(Items from a dataset)

---

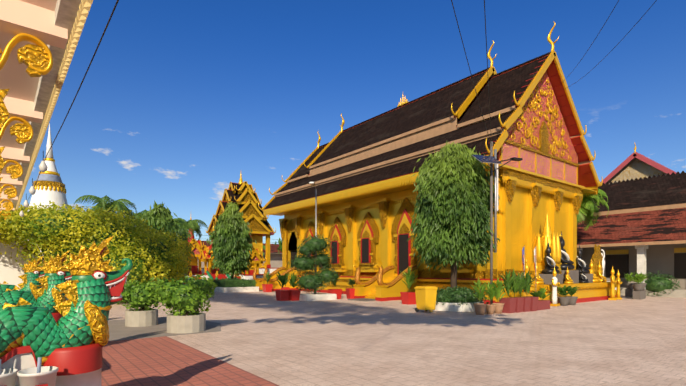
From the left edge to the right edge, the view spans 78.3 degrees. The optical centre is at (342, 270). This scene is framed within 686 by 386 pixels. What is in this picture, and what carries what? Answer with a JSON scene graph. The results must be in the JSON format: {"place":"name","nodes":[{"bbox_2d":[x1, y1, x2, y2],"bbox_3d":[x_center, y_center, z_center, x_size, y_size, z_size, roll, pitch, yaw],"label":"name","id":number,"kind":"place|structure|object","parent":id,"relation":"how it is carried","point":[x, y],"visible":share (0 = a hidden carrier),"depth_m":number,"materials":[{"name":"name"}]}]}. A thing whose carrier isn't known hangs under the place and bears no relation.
{"place":"outdoors","nodes":[
{"label":"outdoors","id":0,"kind":"place"},
{"bbox_2d":[0,242,32,290],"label":"white wall","id":1,"kind":"structure","parent":0,"point":[11,270],"depth_m":21.38,"materials":[{"name":"paint"}]},
{"bbox_2d":[0,256,44,298],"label":"naga statue","id":2,"kind":"object","parent":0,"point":[33,271],"visible":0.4,"depth_m":11.77,"materials":[{"name":"gold metal"}]},
{"bbox_2d":[197,241,281,267],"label":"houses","id":3,"kind":"structure","parent":0,"point":[275,259],"depth_m":100.21,"materials":[{"name":"white tile"}]},
{"bbox_2d":[20,0,685,243],"label":"sky","id":4,"kind":"structure","parent":0,"point":[176,99],"materials":[{"name":"blue"}]},
{"bbox_2d":[67,291,685,385],"bbox_3d":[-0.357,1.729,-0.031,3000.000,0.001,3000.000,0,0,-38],"label":"ground","id":5,"kind":"structure","parent":0,"point":[624,341],"depth_m":10.13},
{"bbox_2d":[28,123,67,287],"bbox_3d":[-21.276,-4.471,30.567,8.400,12.400,8.400,0,0,-38],"label":"white stupa","id":6,"kind":"object","parent":5,"relation":"on","point":[49,186],"visible":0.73,"depth_m":29.96,"materials":[{"name":"paint"}]},
{"bbox_2d":[0,0,118,219],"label":"roof edge","id":7,"kind":"object","parent":5,"relation":"on","point":[39,39],"visible":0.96,"depth_m":6.14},
{"bbox_2d":[0,200,194,285],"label":"hedge","id":8,"kind":"object","parent":5,"relation":"on","point":[49,231],"visible":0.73,"depth_m":20.79,"materials":[{"name":"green plant"}]},
{"bbox_2d":[74,195,136,223],"bbox_3d":[-16.709,-1.800,30.078,4.171,7.058,3.780,0,0,-38],"label":"palm","id":9,"kind":"object","parent":5,"relation":"on","point":[104,201],"visible":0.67,"depth_m":29.62,"materials":[{"name":"green plant"}]},
{"bbox_2d":[131,209,147,228],"bbox_3d":[-19.314,-2.124,41.170,3.534,7.712,3.634,0,0,13],"label":"tree","id":10,"kind":"object","parent":5,"relation":"on","point":[142,215],"visible":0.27,"depth_m":39.79,"materials":[{"name":"green plant"}]},
{"bbox_2d":[108,317,220,340],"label":"pavement","id":11,"kind":"structure","parent":5,"relation":"on","point":[119,330],"depth_m":12.13,"materials":[{"name":"grey concrete"}]},
{"bbox_2d":[125,309,157,326],"bbox_3d":[-6.387,1.489,13.387,0.960,0.480,0.960,0,0,-38],"label":"planter pot","id":12,"kind":"object","parent":11,"relation":"on","point":[138,318],"visible":0.9,"depth_m":12.98,"materials":[{"name":"concrete"}]},
{"bbox_2d":[117,277,163,310],"bbox_3d":[-6.430,0.789,13.418,1.606,1.158,1.476,0,0,30],"label":"planter bush","id":13,"kind":"object","parent":12,"relation":"on","point":[142,295],"visible":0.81,"depth_m":13.10,"materials":[{"name":"green plant"}]},
{"bbox_2d":[167,312,205,332],"bbox_3d":[-4.486,1.489,12.076,1.056,0.480,1.056,0,0,-38],"label":"planter pot","id":14,"kind":"object","parent":11,"relation":"on","point":[190,323],"visible":0.77,"depth_m":11.64,"materials":[{"name":"concrete"}]},
{"bbox_2d":[152,273,216,315],"bbox_3d":[-4.525,0.753,12.121,1.670,1.340,1.710,0,0,-38],"label":"planter bush","id":15,"kind":"object","parent":14,"relation":"on","point":[191,294],"visible":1,"depth_m":11.80,"materials":[{"name":"green plant"}]},
{"bbox_2d":[140,200,194,282],"bbox_3d":[-12.365,-1.514,28.565,4.037,6.502,4.078,0,0,35],"label":"dark tree","id":16,"kind":"object","parent":5,"relation":"on","point":[158,215],"visible":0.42,"depth_m":28.11,"materials":[{"name":"green plant"}]},
{"bbox_2d":[101,336,278,385],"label":"red paving","id":17,"kind":"structure","parent":5,"relation":"on","point":[161,361],"depth_m":7.50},
{"bbox_2d":[0,357,58,385],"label":"bucket","id":18,"kind":"object","parent":17,"relation":"on","point":[39,375],"visible":1,"depth_m":4.06,"materials":[{"name":"white plastic"}]},
{"bbox_2d":[0,250,71,321],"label":"naga statue","id":19,"kind":"object","parent":17,"relation":"on","point":[49,293],"visible":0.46,"depth_m":8.17,"materials":[{"name":"green ceramic"}]},
{"bbox_2d":[0,236,132,385],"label":"naga statue","id":20,"kind":"object","parent":17,"relation":"on","point":[72,341],"visible":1,"depth_m":4.59,"materials":[{"name":"green ceramic"}]},
{"bbox_2d":[173,218,207,283],"bbox_3d":[-14.784,-1.650,39.642,3.428,6.766,3.541,0,0,7],"label":"palm","id":21,"kind":"object","parent":5,"relation":"on","point":[193,225],"visible":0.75,"depth_m":39.18,"materials":[{"name":"green plant"}]},
{"bbox_2d":[185,218,204,273],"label":"statue","id":22,"kind":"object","parent":5,"relation":"on","point":[195,265],"depth_m":49.64,"materials":[{"name":"gold paint"}]},
{"bbox_2d":[198,221,220,273],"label":"statue","id":23,"kind":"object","parent":5,"relation":"on","point":[204,256],"depth_m":48.59,"materials":[{"name":"gold paint"}]},
{"bbox_2d":[179,271,245,283],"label":"terrace balustrade","id":24,"kind":"object","parent":5,"relation":"on","point":[216,276],"visible":0.12,"depth_m":42.06,"materials":[{"name":"red paint"}]},
{"bbox_2d":[212,287,258,292],"bbox_3d":[-9.391,1.529,35.473,3.000,0.400,4.200,0,0,-38],"label":"planter","id":25,"kind":"object","parent":5,"relation":"on","point":[235,289],"visible":0.64,"depth_m":33.74,"materials":[{"name":"white concrete"}]},
{"bbox_2d":[212,277,256,286],"bbox_3d":[-9.529,1.115,35.423,3.716,1.088,5.432,0,0,-38],"label":"hedge foliage","id":26,"kind":"object","parent":25,"relation":"in","point":[232,282],"visible":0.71,"depth_m":34.00,"materials":[{"name":"green plant"}]},
{"bbox_2d":[206,202,256,278],"bbox_3d":[-9.665,-2.264,36.119,3.975,7.398,4.232,0,0,-38],"label":"ashoka tree","id":27,"kind":"object","parent":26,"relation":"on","point":[231,245],"visible":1,"depth_m":35.34,"materials":[{"name":"green plant"}]},
{"bbox_2d":[201,172,277,273],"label":"tower pavilion","id":28,"kind":"structure","parent":5,"relation":"on","point":[243,195],"depth_m":54.22,"materials":[{"name":"gold paint"}]},
{"bbox_2d":[242,231,265,279],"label":"statue","id":29,"kind":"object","parent":5,"relation":"on","point":[257,258],"depth_m":45.52,"materials":[{"name":"gold paint"}]},
{"bbox_2d":[251,262,296,290],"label":"naga stairs","id":30,"kind":"structure","parent":5,"relation":"on","point":[273,280],"depth_m":36.32,"materials":[{"name":"gold metal"}]},
{"bbox_2d":[275,238,281,253],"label":"tree","id":31,"kind":"object","parent":5,"relation":"on","point":[280,244],"visible":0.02,"depth_m":82.06,"materials":[{"name":"green plant"}]},
{"bbox_2d":[275,182,341,300],"bbox_3d":[-1.962,-1.660,24.829,4.097,6.778,1.871,0,0,-38],"label":"lamp post","id":32,"kind":"object","parent":5,"relation":"on","point":[296,295],"visible":0.85,"depth_m":24.30,"materials":[{"name":"red ceramic"}]},
{"bbox_2d":[287,235,339,293],"bbox_3d":[-1.758,-0.369,25.119,2.424,3.601,2.949,0,0,41],"label":"topiary tree","id":33,"kind":"object","parent":32,"relation":"on","point":[315,246],"visible":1,"depth_m":24.63,"materials":[{"name":"green plant"}]},
{"bbox_2d":[348,257,417,300],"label":"staircase","id":34,"kind":"structure","parent":5,"relation":"on","point":[384,284],"depth_m":25.16,"materials":[{"name":"gold metal"}]},
{"bbox_2d":[414,286,437,311],"bbox_3d":[3.429,1.192,17.455,0.640,1.075,0.730,0,0,-28],"label":"wheelie bin","id":35,"kind":"object","parent":5,"relation":"on","point":[425,298],"visible":1,"depth_m":17.23,"materials":[{"name":"yellow plastic"}]},
{"bbox_2d":[262,266,646,314],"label":"potted plants","id":36,"kind":"object","parent":5,"relation":"on","point":[519,283],"visible":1,"depth_m":18.12,"materials":[{"name":"green plant"}]},
{"bbox_2d":[435,301,483,311],"bbox_3d":[5.048,1.549,18.956,2.440,0.360,2.440,0,0,-38],"label":"planter","id":37,"kind":"object","parent":5,"relation":"on","point":[455,307],"visible":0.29,"depth_m":17.81,"materials":[{"name":"white concrete"}]},
{"bbox_2d":[407,142,499,290],"bbox_3d":[5.046,-2.206,19.195,4.190,7.378,4.086,0,0,-38],"label":"ashoka tree","id":38,"kind":"object","parent":37,"relation":"on","point":[452,212],"visible":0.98,"depth_m":18.12,"materials":[{"name":"green plant"}]},
{"bbox_2d":[436,286,488,304],"bbox_3d":[5.017,1.206,19.002,3.143,1.108,3.250,0,0,-38],"label":"shrub","id":39,"kind":"object","parent":37,"relation":"in","point":[461,295],"visible":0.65,"depth_m":18.11,"materials":[{"name":"green plant"}]},
{"bbox_2d":[472,141,522,303],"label":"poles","id":40,"kind":"object","parent":5,"relation":"on","point":[491,159],"visible":0.96,"depth_m":17.89,"materials":[{"name":"metal"}]},
{"bbox_2d":[194,0,656,242],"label":"power lines","id":41,"kind":"object","parent":40,"relation":"attached to","point":[487,63],"visible":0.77,"depth_m":11.62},
{"bbox_2d":[494,231,621,305],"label":"buddha statues","id":42,"kind":"object","parent":5,"relation":"on","point":[593,285],"visible":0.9,"depth_m":23.13,"materials":[{"name":"gold paint"}]},
{"bbox_2d":[522,246,535,276],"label":"flags","id":43,"kind":"object","parent":42,"relation":"on","point":[523,258],"visible":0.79,"depth_m":19.89,"materials":[{"name":"fabric"}]},
{"bbox_2d":[529,212,563,283],"bbox_3d":[11.213,-1.296,23.162,2.000,4.050,1.400,0,0,-38],"label":"golden stupa","id":44,"kind":"object","parent":42,"relation":"on","point":[541,243],"visible":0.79,"depth_m":22.83,"materials":[{"name":"gold metal"}]},
{"bbox_2d":[577,189,608,230],"bbox_3d":[16.206,-1.994,29.701,4.148,7.452,4.268,0,0,6],"label":"palm","id":45,"kind":"object","parent":5,"relation":"on","point":[587,212],"visible":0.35,"depth_m":28.61,"materials":[{"name":"green plant"}]},
{"bbox_2d":[601,249,616,289],"bbox_3d":[17.170,0.152,28.046,2.900,3.155,1.325,0,0,-38],"label":"white statue","id":46,"kind":"object","parent":5,"relation":"on","point":[603,261],"visible":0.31,"depth_m":28.23,"materials":[{"name":"paint"}]},
{"bbox_2d":[577,171,685,297],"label":"hall","id":47,"kind":"structure","parent":5,"relation":"on","point":[640,228],"depth_m":30.16,"materials":[{"name":"concrete"}]},
{"bbox_2d":[600,143,675,183],"bbox_3d":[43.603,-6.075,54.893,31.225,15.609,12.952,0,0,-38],"label":"roof gable","id":48,"kind":"structure","parent":47,"relation":"attached to","point":[634,165],"depth_m":45.95,"materials":[{"name":"beige paint"}]},
{"bbox_2d":[642,271,679,296],"bbox_3d":[21.065,0.973,28.240,2.615,1.944,2.715,0,0,-38],"label":"round shrub","id":49,"kind":"object","parent":5,"relation":"on","point":[656,283],"visible":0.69,"depth_m":27.62,"materials":[{"name":"green plant"}]},
{"bbox_2d":[258,21,602,215],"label":"temple roof","id":50,"kind":"structure","parent":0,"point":[531,116],"depth_m":26.06,"materials":[{"name":"brown tile"}]},
{"bbox_2d":[279,164,584,303],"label":"temple walls","id":51,"kind":"structure","parent":0,"point":[367,233],"depth_m":26.32,"materials":[{"name":"yellow paint"}]},
{"bbox_2d":[284,212,300,269],"bbox_3d":[-4.484,-2.346,37.883,0.390,5.550,3.000,0,0,-38],"label":"temple porch","id":52,"kind":"object","parent":51,"relation":"attached to","point":[291,240],"visible":0.35,"depth_m":38.13,"materials":[{"name":"yellow paint"}]}
]}

---

> [Exercise brief]:
For each line above that contains the word "hedge", copy that line.

> [Solution below]:
{"bbox_2d":[0,200,194,285],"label":"hedge","id":8,"kind":"object","parent":5,"relation":"on","point":[49,231],"visible":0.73,"depth_m":20.79,"materials":[{"name":"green plant"}]},
{"bbox_2d":[212,277,256,286],"bbox_3d":[-9.529,1.115,35.423,3.716,1.088,5.432,0,0,-38],"label":"hedge foliage","id":26,"kind":"object","parent":25,"relation":"in","point":[232,282],"visible":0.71,"depth_m":34.00,"materials":[{"name":"green plant"}]},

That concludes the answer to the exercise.